Children's Interactive Learning Platform Lingokids: Completes $120 Million in New - Round Financing

In mid - September, the Spanish children's interactive learning platform Lingokids announced the completion of a $120 million new - round financing, led by GP Bullhound and General Catalyst, with follow - on investment from Nextalia Ventures.

Lingokids was founded in 2015 and is headquartered in Madrid. It started as a children's English - learning app and has now expanded to mathematics, science, literacy, and social - emotional learning, proposing the concept of "Playlearning." The company emphasizes providing a safe, ad - free learning environment, and the global cumulative downloads have exceeded 185 million.

In addition to self - developed courses, Lingokids actively cooperates with external IPs. For example, it has launched space courses with NASA, collaborated with the World Literacy Foundation to teach basic literacy skills, and joined hands with children's brands such as Pocoyo and Blippi. AI plays an auxiliary role in personalized recommendation and content production, but it is always completed under the supervision of experts.

Against the backdrop of general capital caution, children's education can still receive large - scale financing because of the huge market base. By 2030, the global early childhood education market is expected to exceed $100 billion. Lingokids' global user base and multi - IP strategy are the keys to its recognition.
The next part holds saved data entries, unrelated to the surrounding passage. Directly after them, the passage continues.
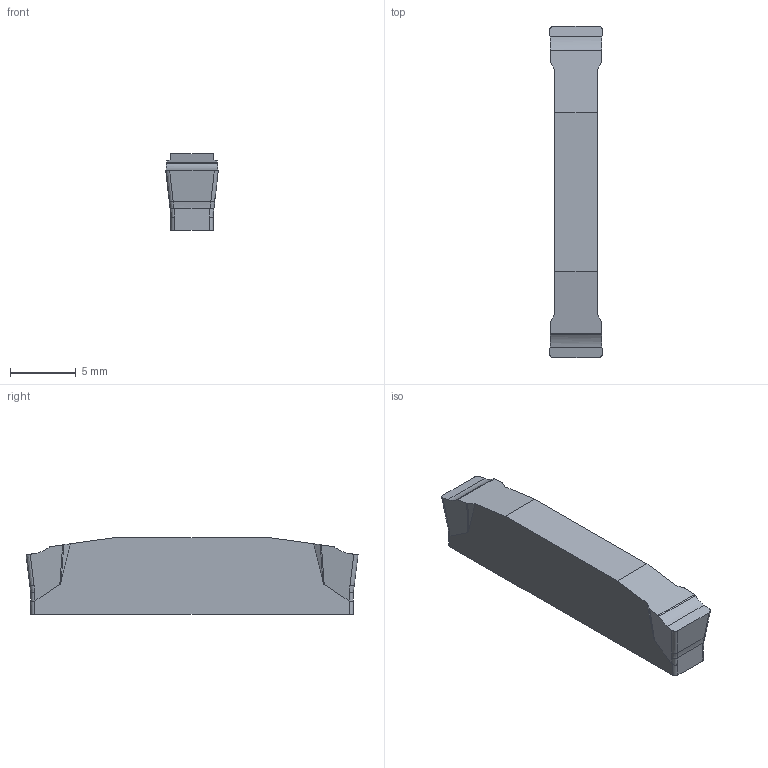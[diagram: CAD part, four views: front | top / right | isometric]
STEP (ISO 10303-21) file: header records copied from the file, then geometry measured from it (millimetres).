
FILE_DESCRIPTION(/* description */ (''),/* implementation_level */ '2;1');
FILE_NAME(/* name */ 'CUT_1.STP',/* time_stamp */ '2024-01-03T10:07:06+01:00',/* author */ (''),/* organization */ ('SMS'),/* preprocessor_version */ 'ST-DEVELOPER v16.7',/* originating_system */ 'SIEMENS PLM Software NX 12.0',/* authorisation */ '');
FILE_SCHEMA (('AUTOMOTIVE_DESIGN { 1 0 10303 214 3 1 1 1 }'));
Length unit declared in the file: millimetre
Products named in the file (1): CUT_1
Bounding box: 4 x 25.21 x 5.79 mm (x, y, z)
Volume: 443.8 mm3; surface area: 468.2 mm2
Topology: 1 solids, 1 shells, 46 faces, 125 edges, 83 vertices
Faces by surface type: plane 20, bspline 18, cylinder 8
Entity records: 2855 total; most frequent: CARTESIAN_POINT 1822, ORIENTED_EDGE 248, DIRECTION 138, EDGE_CURVE 124, VERTEX_POINT 80, B_SPLINE_CURVE_WITH_KNOTS 56, LINE 52, VECTOR 52

Conclusion: Selective Betting in a Cautious Market

From Windsurf in February to Lingokids and Eruditus in September, six large - scale financing cases outline a clear trend: Capital investment in the education technology sector has not disappeared but has become more concentrated. Capital's screening criteria have become stricter. Instead of making widespread bets, it is concentrating on projects with essential value, technological barriers, and global potential.
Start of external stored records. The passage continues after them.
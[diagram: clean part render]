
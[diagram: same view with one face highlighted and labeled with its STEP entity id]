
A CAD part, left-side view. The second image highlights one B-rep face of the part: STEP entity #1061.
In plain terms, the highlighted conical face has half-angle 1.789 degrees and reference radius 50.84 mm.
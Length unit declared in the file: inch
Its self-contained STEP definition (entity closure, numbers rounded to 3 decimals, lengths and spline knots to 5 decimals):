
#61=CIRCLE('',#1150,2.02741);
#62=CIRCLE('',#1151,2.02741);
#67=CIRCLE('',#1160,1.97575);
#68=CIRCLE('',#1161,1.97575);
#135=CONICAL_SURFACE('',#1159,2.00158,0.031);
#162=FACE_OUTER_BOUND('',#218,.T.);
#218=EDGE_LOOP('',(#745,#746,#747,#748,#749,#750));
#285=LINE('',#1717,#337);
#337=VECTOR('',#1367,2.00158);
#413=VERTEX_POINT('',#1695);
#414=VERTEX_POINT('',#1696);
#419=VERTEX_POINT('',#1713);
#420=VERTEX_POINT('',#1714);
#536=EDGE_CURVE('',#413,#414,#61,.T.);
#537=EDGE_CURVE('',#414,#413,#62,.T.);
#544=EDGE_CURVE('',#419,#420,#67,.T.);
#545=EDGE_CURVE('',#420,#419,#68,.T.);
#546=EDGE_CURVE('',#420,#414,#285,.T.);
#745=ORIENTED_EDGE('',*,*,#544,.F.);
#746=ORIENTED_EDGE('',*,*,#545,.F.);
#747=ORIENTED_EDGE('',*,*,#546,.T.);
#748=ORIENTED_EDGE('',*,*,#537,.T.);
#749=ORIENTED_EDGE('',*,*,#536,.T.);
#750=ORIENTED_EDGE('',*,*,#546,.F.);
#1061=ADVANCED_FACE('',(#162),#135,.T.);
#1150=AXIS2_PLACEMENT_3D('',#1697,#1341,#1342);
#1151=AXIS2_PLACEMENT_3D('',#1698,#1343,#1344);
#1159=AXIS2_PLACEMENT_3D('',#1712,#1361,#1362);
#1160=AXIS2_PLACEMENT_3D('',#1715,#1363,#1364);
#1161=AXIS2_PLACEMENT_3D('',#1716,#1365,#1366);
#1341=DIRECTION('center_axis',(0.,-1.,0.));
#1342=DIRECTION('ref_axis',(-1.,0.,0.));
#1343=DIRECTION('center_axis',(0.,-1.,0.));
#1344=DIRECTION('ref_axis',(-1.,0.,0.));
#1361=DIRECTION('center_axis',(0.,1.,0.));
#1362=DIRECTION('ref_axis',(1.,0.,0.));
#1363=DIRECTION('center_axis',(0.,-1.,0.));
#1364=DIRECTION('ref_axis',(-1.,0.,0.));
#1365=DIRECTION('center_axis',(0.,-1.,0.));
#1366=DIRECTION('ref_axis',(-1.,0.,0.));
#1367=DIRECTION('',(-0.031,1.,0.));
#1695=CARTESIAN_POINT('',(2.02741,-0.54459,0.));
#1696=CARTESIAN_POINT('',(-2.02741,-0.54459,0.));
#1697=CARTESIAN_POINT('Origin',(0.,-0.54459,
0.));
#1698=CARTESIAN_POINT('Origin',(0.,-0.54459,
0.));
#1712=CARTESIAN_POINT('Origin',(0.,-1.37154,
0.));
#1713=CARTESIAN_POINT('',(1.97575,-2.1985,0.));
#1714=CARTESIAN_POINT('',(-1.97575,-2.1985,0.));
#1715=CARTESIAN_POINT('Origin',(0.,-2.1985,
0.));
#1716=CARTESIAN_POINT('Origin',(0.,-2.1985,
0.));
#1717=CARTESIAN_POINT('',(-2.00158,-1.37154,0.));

These cases have the following commonalities: They are in markets with essential demand or a large base, have clear user value and differential advantages, and improve efficiency and personalization through AI. More importantly, most of them have a global layout or have started preparing for an IPO.

The financing logic of education technology has shifted from "widespread betting" during the pandemic to "selective betting." In a cold market environment, capital still chooses companies with the ability to go the distance.

This article is from the WeChat official account "Duojing" (ID: DJEDUINNO), author: Siluo. It is published by 36Kr with authorization.